Ana's POV - Monday

Last night, once everyone had eaten and had been merrily chatting away for an hour or so, all I could think of was that I desperately needed sleep and Grace who had spent a lot of the night observing with a smile on her face, finally signalled to Christian that she wanted to speak to him in private and they walked off to his office. Having checked him over and suggesting that a bath and bed within the hour were her doctor's orders she then came out to announce that since it had been a long night the previous night and no-one had had much sleep that everyone should go home and leave us to recuperate.

The relief in Christian's eyes indicated that company was a strain despite the joyous nature of it all and since I was almost falling asleep despite trying to be a good host, I may have accepted her statement with a little too much enthusiasm as I hugged Kate and Ethan goodnight. Elliot took the opportunity to spin me around as he was allowed to do by Christian albeit still gently and still following a frown and a warning that I wasn't 100% healed.

Ray was smiling at me as he made the first move to actually leave, declaring that since it wasn't late, he'd head home and he went off to thank Gail for her hospitality and care the previous night before coming back and hugging me like his life depended on it. His relief and his joy at our survival and engagement all transferred to me in his hug and as I became tearful again, he whispered gently, "You have always been my pride and joy and I'm so glad you have found someone worthy of you, please let him look after you and please stay safe, both of you."

With Ray starting the exodus and Grace herding the rest of the family and friends out the door, the apartment was finally empty except for Dr Flynn and I looked at him and Christian saying, "Let's do this, she doesn't deserve to be told before finding out on the television or paper but there's no reason why I should sink to her level." Christian nodded and took my hand and together we hobbled towards his office, it was so obvious that he was in pain that I said, "I'm not making the call until you take some painkillers," and he snorted at me but detoured to do exactly that.

"Mother,…. Yes, it's Ana… who else would it be?" I asked exasperated, seriously, how delusional was she?

"Are you well?...No, I have no idea how long you are going to be in there….. WHAT? You want to get out to get high? Seriously?" and I couldn't keep the incredulity out of my voice as I turned and looked at Dr Flynn. Christian's hands on my waist were clenching quite tightly so I jiggled my body to make him realise and he apologised softly in my hair as he pulled me back against his body, him leaning against his desk, me between his legs.
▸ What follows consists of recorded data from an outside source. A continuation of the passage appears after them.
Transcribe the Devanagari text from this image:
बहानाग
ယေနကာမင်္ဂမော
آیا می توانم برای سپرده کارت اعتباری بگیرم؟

"Yes, I am still with Christian,….. can you not call him that please? No, I am not ringing to flaunt anything,… Oh, you'd heard that we'd had an accident…. Oh…. Oh.. you wish I'd died, …."
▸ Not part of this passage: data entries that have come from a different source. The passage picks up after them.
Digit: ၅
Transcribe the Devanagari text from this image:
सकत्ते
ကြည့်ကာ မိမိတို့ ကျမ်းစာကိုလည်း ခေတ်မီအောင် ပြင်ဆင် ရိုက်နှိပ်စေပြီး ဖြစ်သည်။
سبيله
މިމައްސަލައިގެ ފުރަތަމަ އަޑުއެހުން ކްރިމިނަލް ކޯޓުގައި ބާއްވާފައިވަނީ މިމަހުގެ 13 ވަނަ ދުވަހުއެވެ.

Christian's hands tightened again and he hit the speaker button and as he did so she said, "Well I wish you'd both died to be exact so that I'd be out of this god forsaken place and hopefully he'd already given you enough stuff that would have transferred to me so I'd not have to worry about the future and I could be as high as I want to be."

My last shred of love for my mother died right about then as I put my hand over Christian's mouth, I could see he was about to explode and I shook my head, summoning the courage borne of years of her abuse and neglect, "Mother, you have just lost the right to call me your daughter, I know now that it wasn't the drugs talking all those years like I had been ready to believe as you have been drug free for nearly two months. You are pure evil and I really do not want anything further to do with you. I just want to let you know that Christian and I are engaged to be married and I will make sure that all wills and testaments indicate that you are never to receive a cent from any estate of mine. I'm sorry, so sorry, I rang you tonight so you wouldn't hear the news on the television and thinking that you may have been happy for me, that you had turned a corner but no, apparently not. Christian's intervention meant that you were taken out of custody but now, if the recommendation is that you be returned to custody, well, I wouldn't stand in the way. Goodbye!"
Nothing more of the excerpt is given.